Find Minimum in Rotated Sorted Array
最后更新于:2022-04-02 01:09:10
# Find Minimum in Rotated Sorted Array
### Source
- leetcode: [Find Minimum in Rotated Sorted Array | LeetCode OJ](https://leetcode.com/problems/find-minimum-in-rotated-sorted-array/)
- lintcode: [(159) Find Minimum in Rotated Sorted Array](http://www.lintcode.com/en/problem/find-minimum-in-rotated-sorted-array/)
### Problem
Suppose a sorted array is rotated at some pivot unknown to you beforehand.

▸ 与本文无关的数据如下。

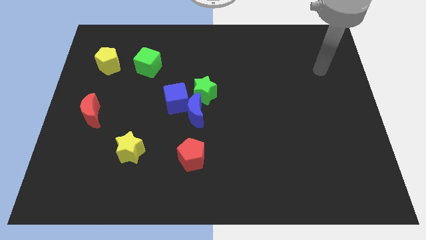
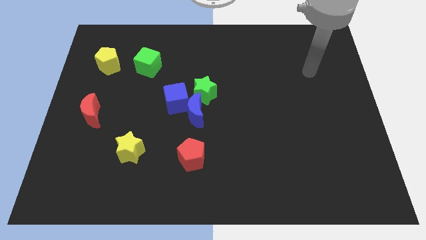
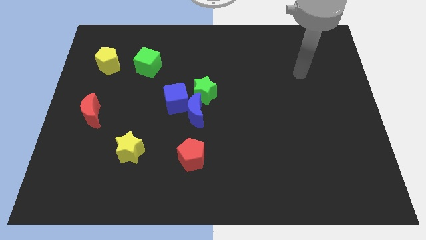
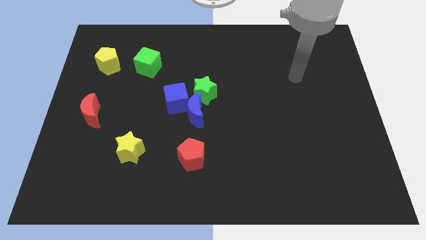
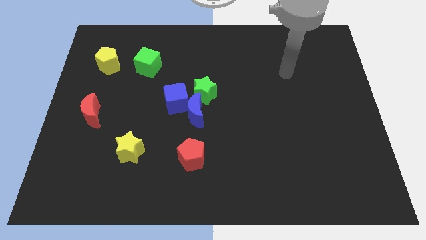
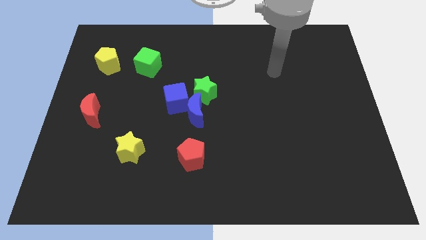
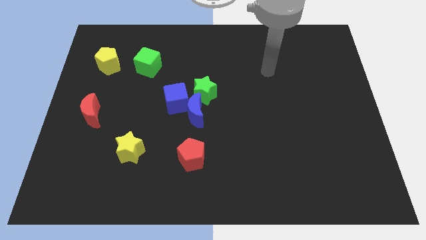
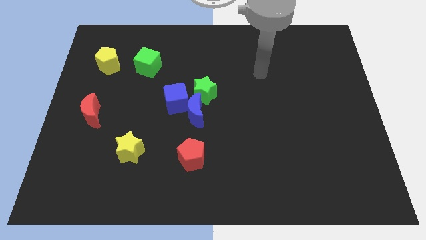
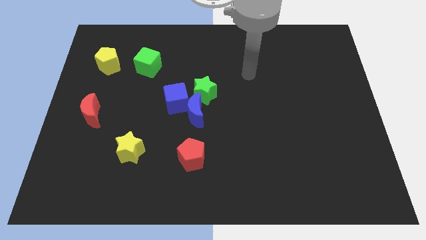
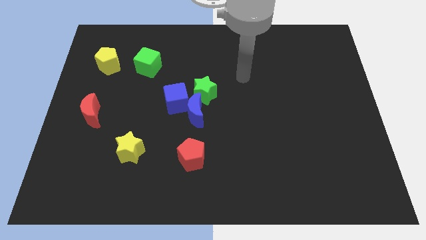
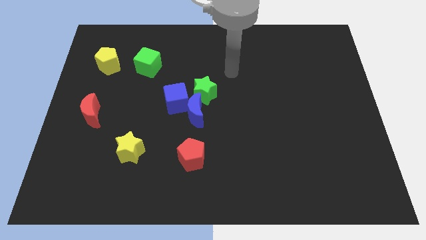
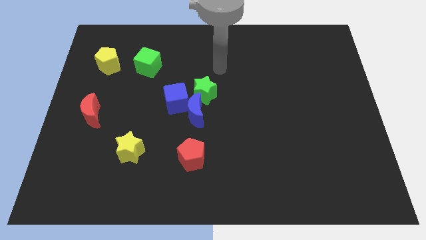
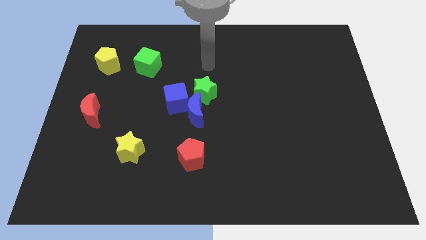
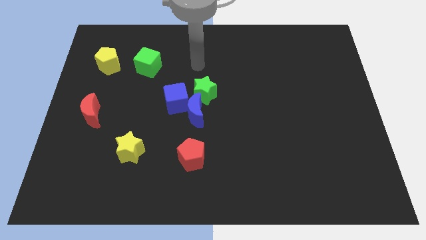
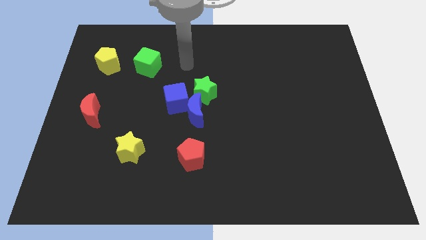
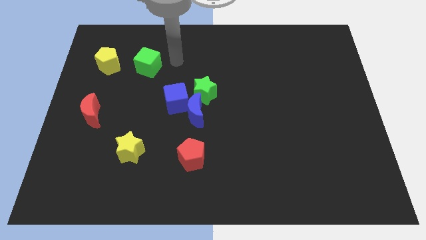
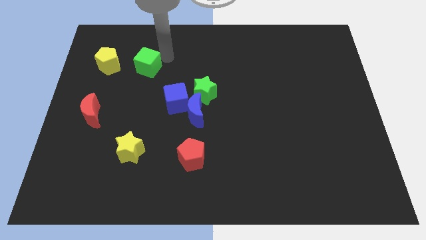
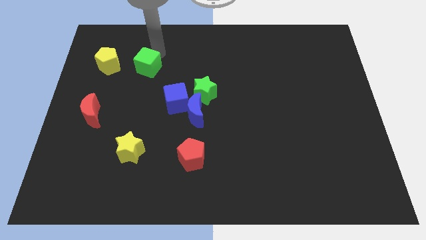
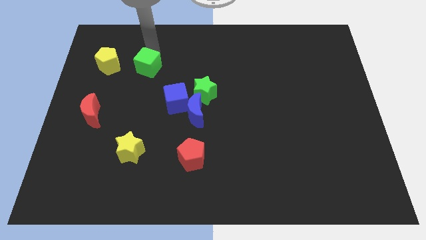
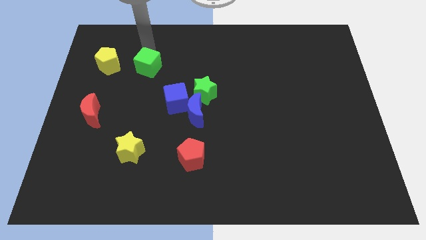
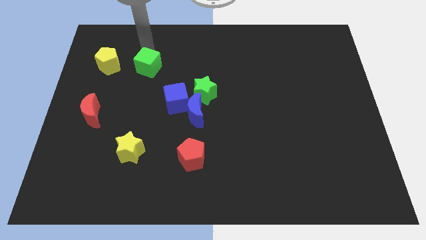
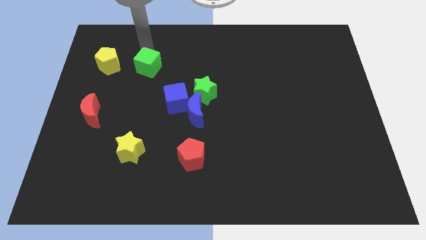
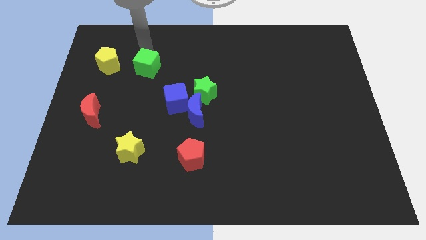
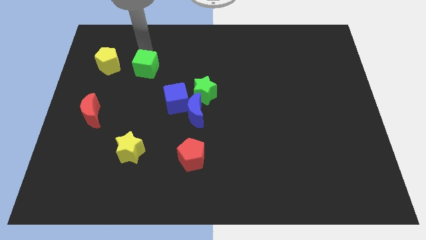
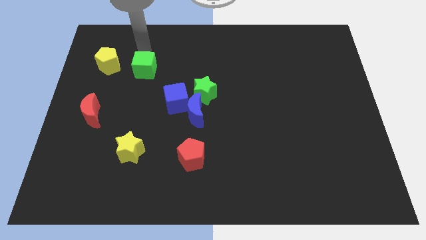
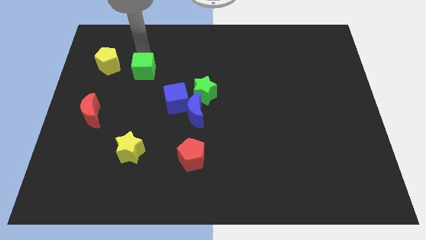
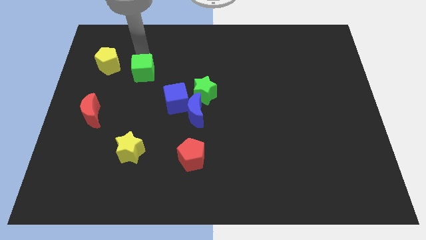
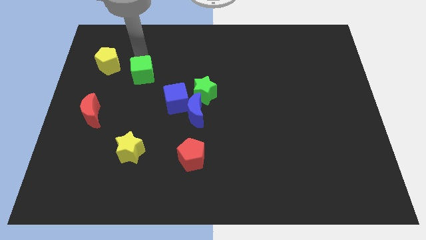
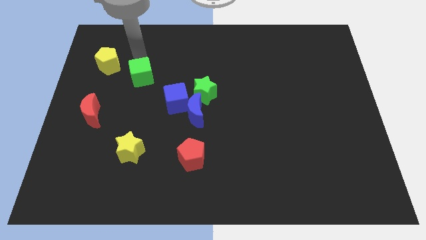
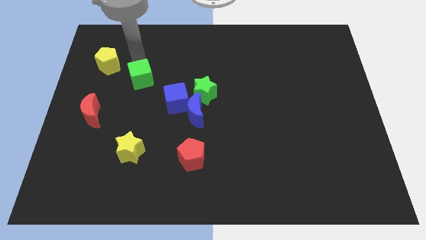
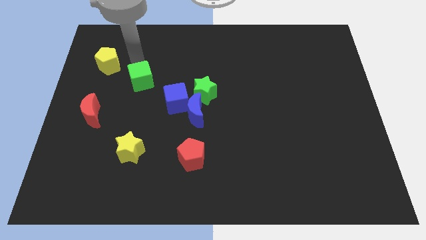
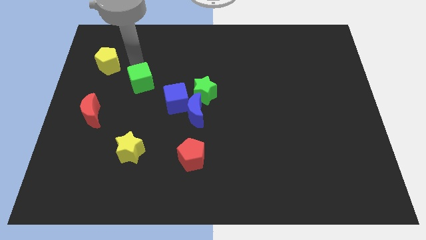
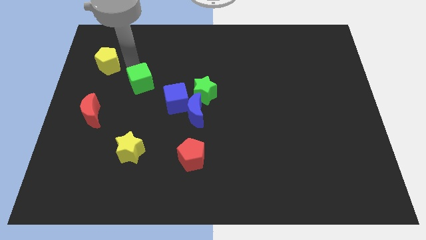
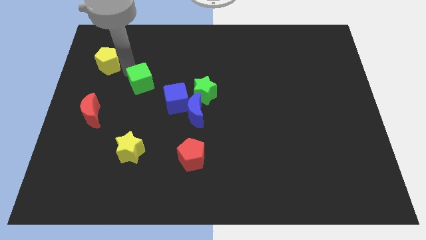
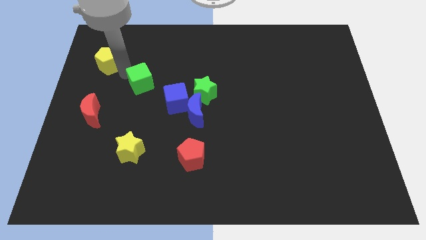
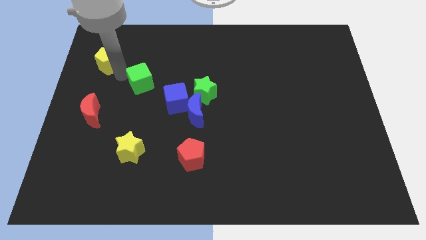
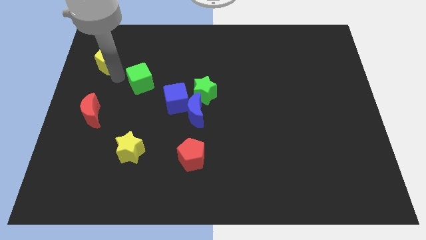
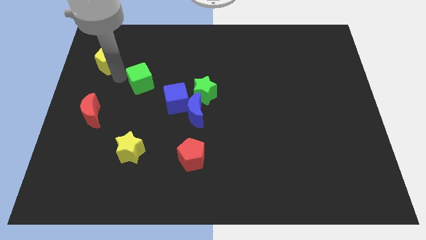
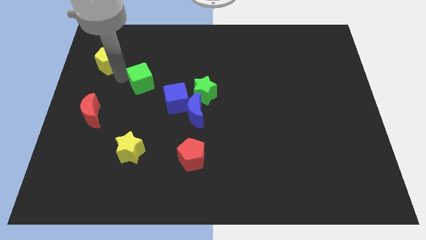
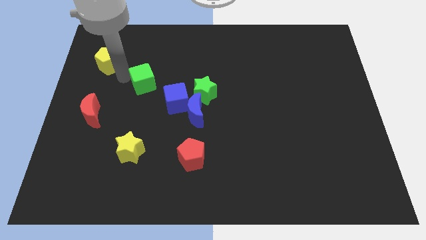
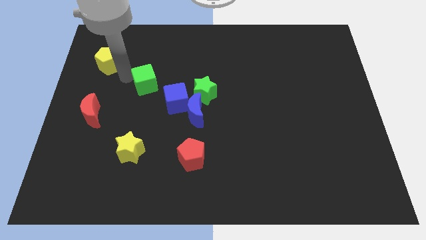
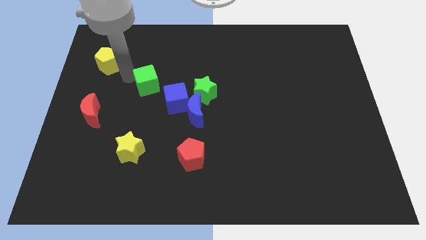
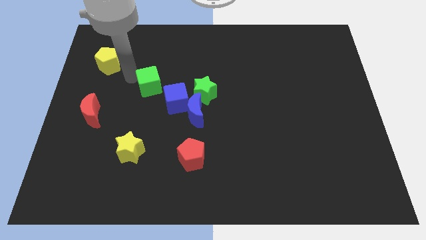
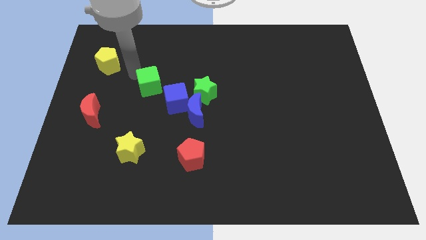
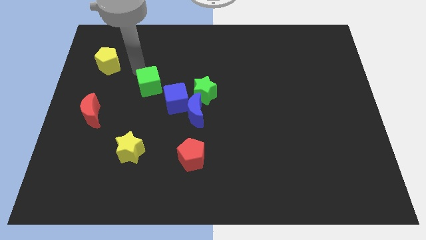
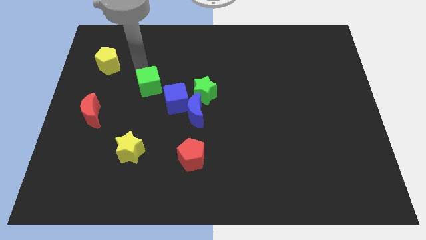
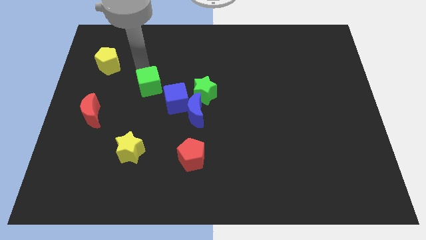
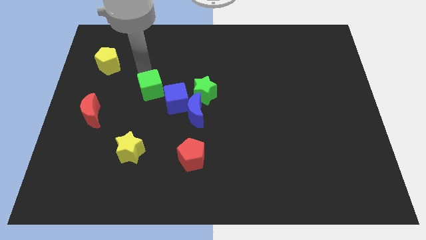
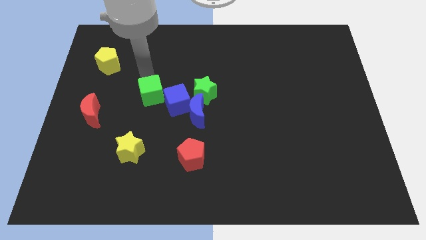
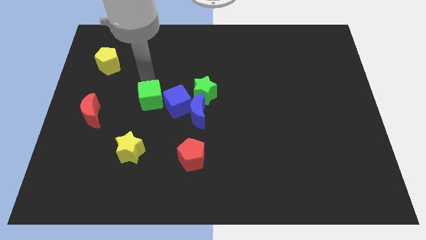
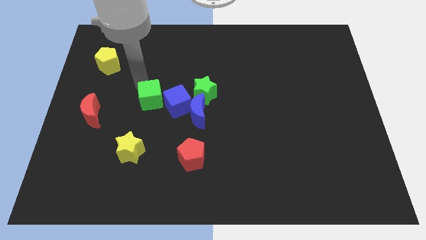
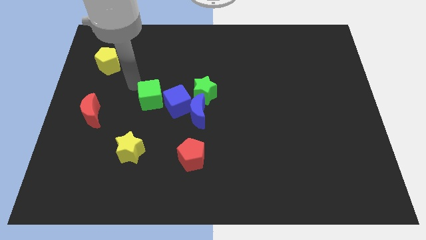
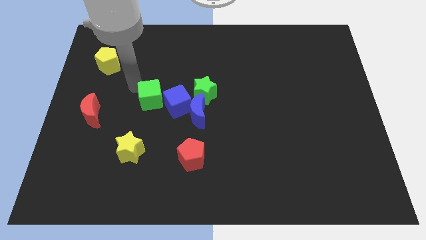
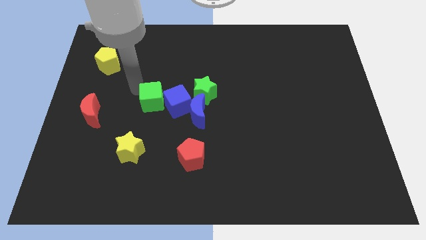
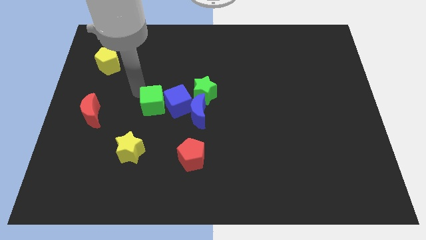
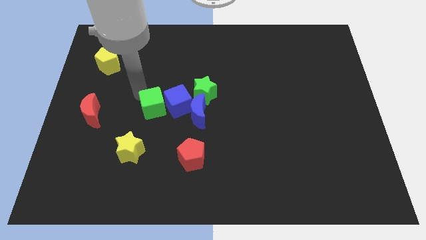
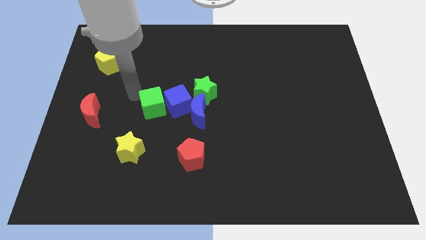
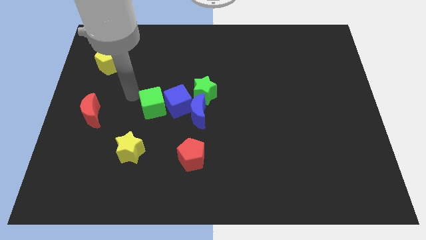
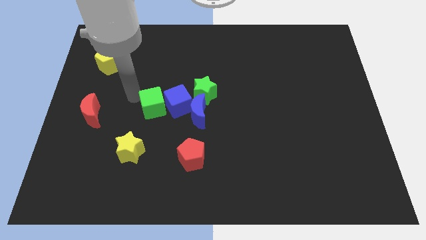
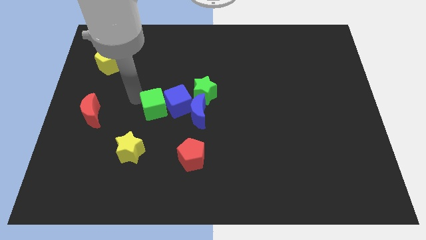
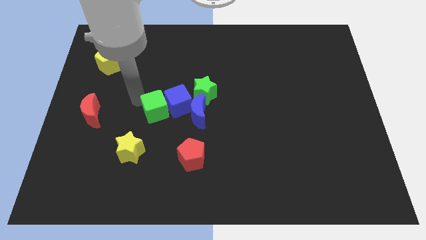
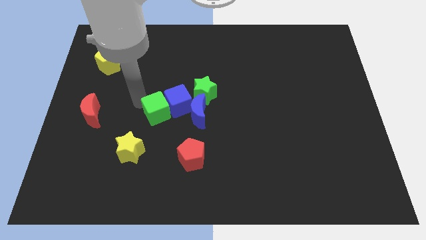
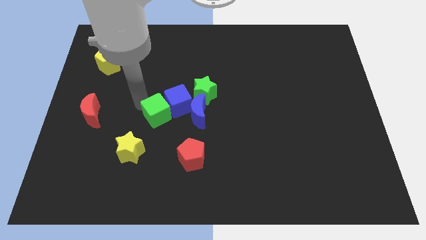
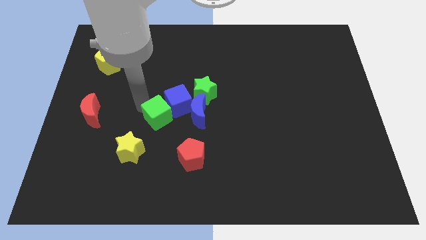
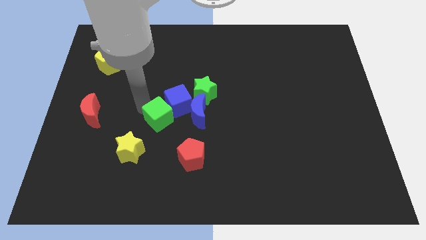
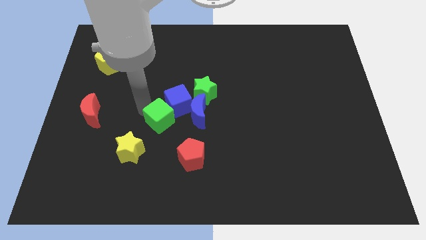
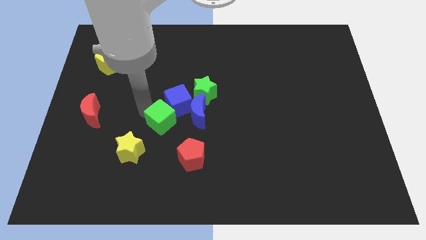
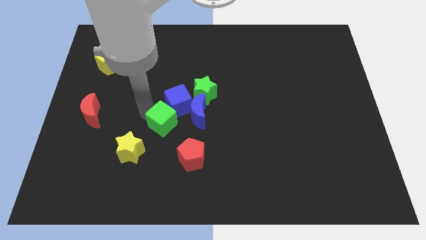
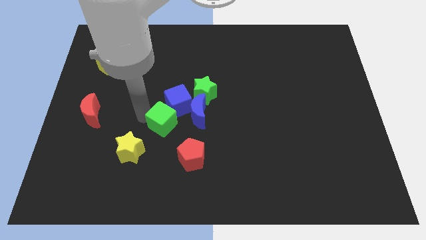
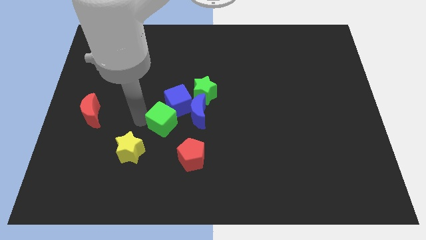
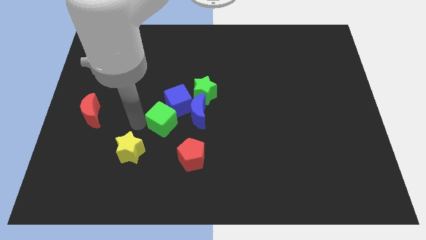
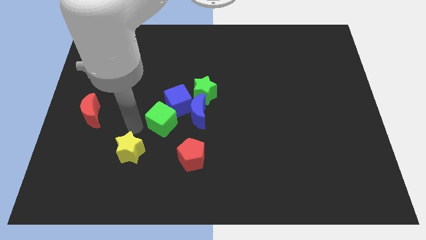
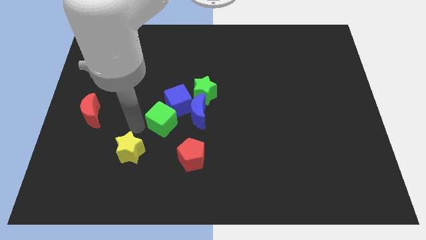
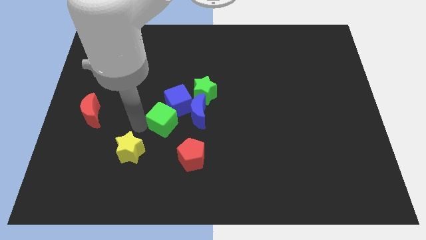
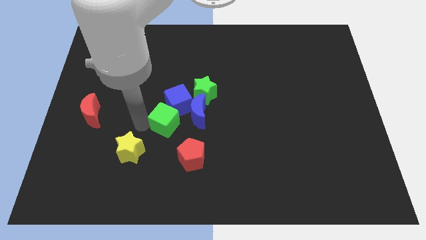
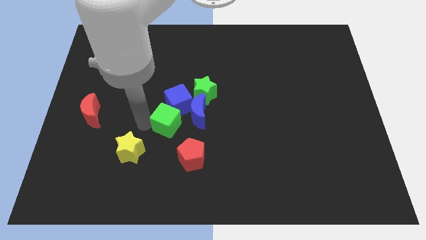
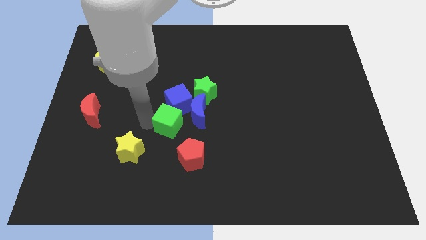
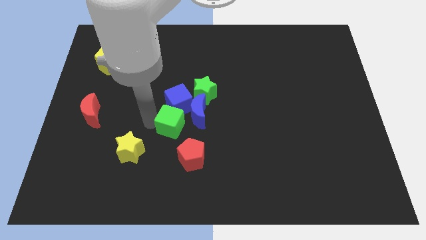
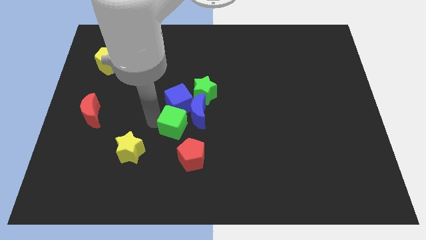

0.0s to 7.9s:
put the green cube to the blue moon

(i.e., `0 1 2 4 5 6 7` might become `4 5 6 7 0 1 2`).
Find the minimum element.
#### Example
Given `[4, 5, 6, 7, 0, 1, 2]` return `0`
#### Note
You may assume no duplicate exists in the array.
### 题解
如前节所述,对于旋转数组的分析可使用画图的方法,如下图所示,升序数组经旋转后可能为如下两种形式。
![Rotated Array](https://docs.gechiui.com/gc-content/uploads/sites/kancloud/2015-10-24_562b1f42782f9.png)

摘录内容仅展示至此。